* **Provided entries**
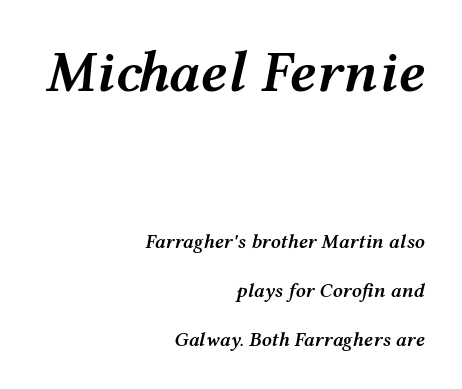
Q: Is the text bold? A: Semi-bold.
Q: Is the text italic (slanted)? A: Yes, it leans right by about 12 degrees.
Q: Is the text underlined? A: No.
Q: How is the paragraph aligned? A: Right-aligned.
Q: Is the spacing between letters normal or unusually wide? A: Normal.
Q: Is the spacing between lines tight, normal or loose? A: Loose.
Q: Which block of text is set in a larger size, the first (top) or the second (bottom)? A: The first (top) one.
Q: Width (condensed, normal, or wide)? A: Wide.
Q: Stroke contrast? A: Medium.
Q: x-height? A: Medium.
Q: Monospaced? A: No.
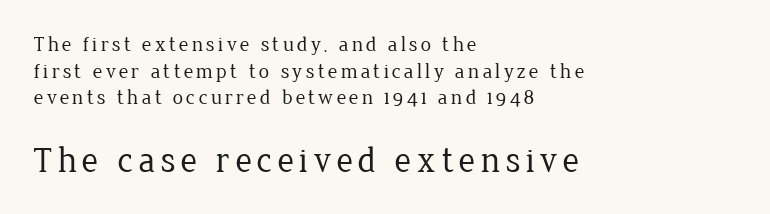
Q: Is the text bold? A: No.
Q: Is the text italic (slanted)? A: No, it is upright.
Q: Is the typeface a serif or a sans-serif typeface? A: Serif.
Q: Is the text underlined? A: No.
Q: How is the paragraph aligned? A: Left-aligned.
Q: Is the spacing between lines tight, normal or loose? A: Normal.
Q: Which block of text is set in a larger size, the first (top) or the second (bottom)? A: The second (bottom) one.
Q: Width (condensed, normal, or wide)? A: Normal.
Q: Stroke contrast? A: Low.
Q: x-height? A: Medium.
Q: Monospaced? A: No.
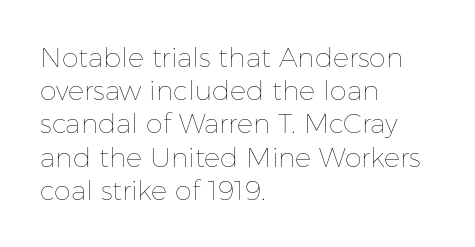
Q: Is the text bold? A: No.
Q: Is the text italic (slanted)? A: No, it is upright.
Q: Is the text underlined? A: No.
Q: How is the paragraph aligned? A: Left-aligned.
Q: Is the spacing between letters normal or unusually wide? A: Normal.
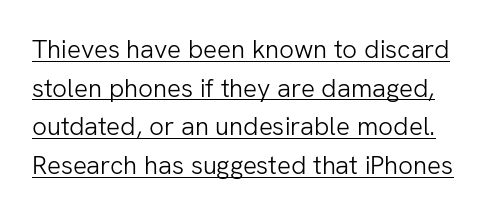
The image shows 26 px text type, upright; set normal line spacing (1.49x), normal letter spacing, underlined.
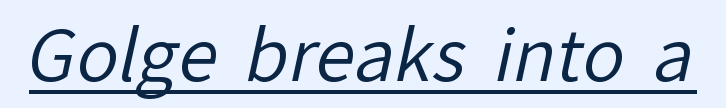
The image shows 71 px regular-weight sans-serif type; set normal letter spacing, underlined; low stroke contrast and a medium x-height.
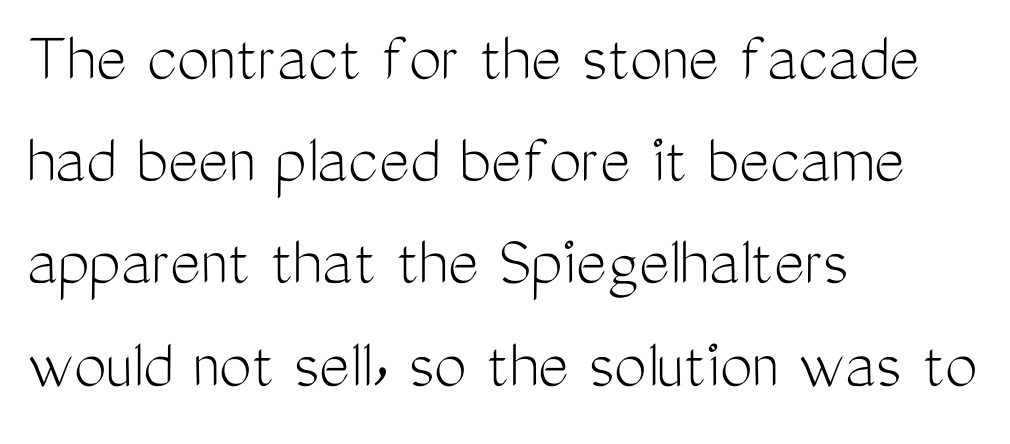
Q: Is the text bold? A: No.
Q: Is the text italic (slanted)? A: No, it is upright.
Q: Is the typeface a serif or a sans-serif typeface? A: Sans-serif.
Q: Is the text underlined? A: No.
Q: How is the paragraph aligned? A: Left-aligned.
Q: Is the spacing between letters normal or unusually wide? A: Normal.
Q: Is the spacing between lines tight, normal or loose? A: Normal.
Q: Width (condensed, normal, or wide)? A: Condensed.
Q: Stroke contrast? A: Medium.
Q: x-height? A: Medium.
Q: Monospaced? A: No.
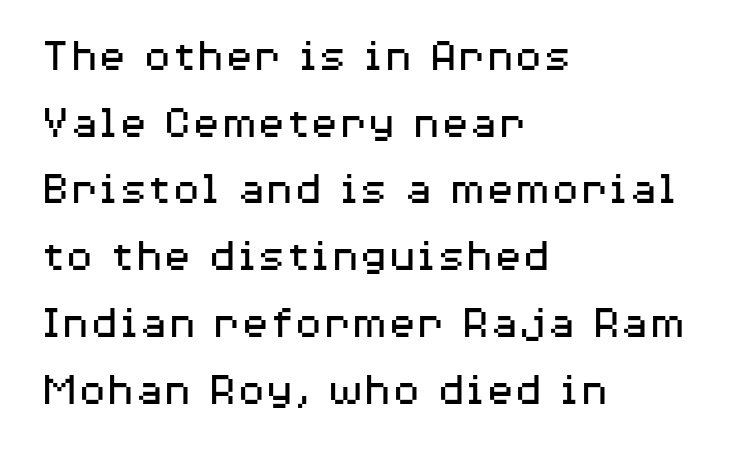
{"serif": "no", "italic": "no", "bold": "no", "weight": "regular", "width": "wide", "stroke_contrast": "medium", "x_height": "medium", "monospaced": "no", "underline": "no", "align": "left", "line_spacing": "normal", "line_spacing_ratio": 1.42, "letter_spacing": "normal", "letter_spacing_em": 0.0, "glyph_px": 47}
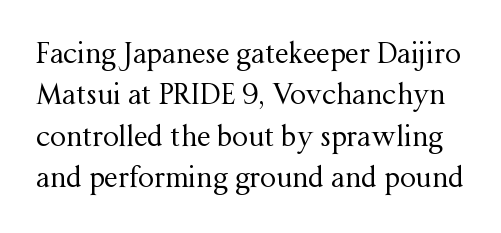
{"serif": "yes", "italic": "no", "bold": "no", "weight": "regular", "width": "normal", "stroke_contrast": "medium", "x_height": "medium", "monospaced": "no", "underline": "no", "line_spacing": "normal", "line_spacing_ratio": 1.48, "letter_spacing": "normal", "letter_spacing_em": 0.0, "glyph_px": 28}
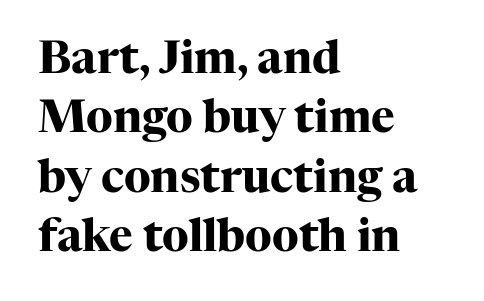
The image shows 45 px heavy serif type, upright; set left-aligned, normal line spacing (1.32x), normal letter spacing, not underlined; high stroke contrast and a medium x-height.
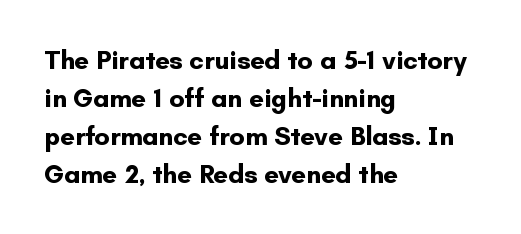
Q: Is the text bold? A: Yes.
Q: Is the text italic (slanted)? A: No, it is upright.
Q: Is the text underlined? A: No.
Q: How is the paragraph aligned? A: Left-aligned.
Q: Is the spacing between letters normal or unusually wide? A: Normal.
Q: Is the spacing between lines tight, normal or loose? A: Normal.
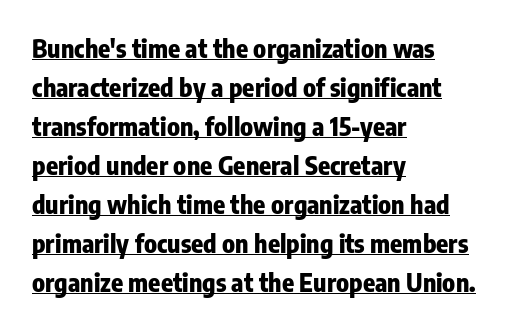
The tracking reads as untouched default to a designer's eye. Italic? Not at all — the glyphs are vertical. Bold? Absolutely — the strokes are thick and heavy. Layout note: lines flush left.

* **Work request**
How many lines in the entries above hold the word "condensed"? Reply with the number by itself.

* **Solution to the exercise**
3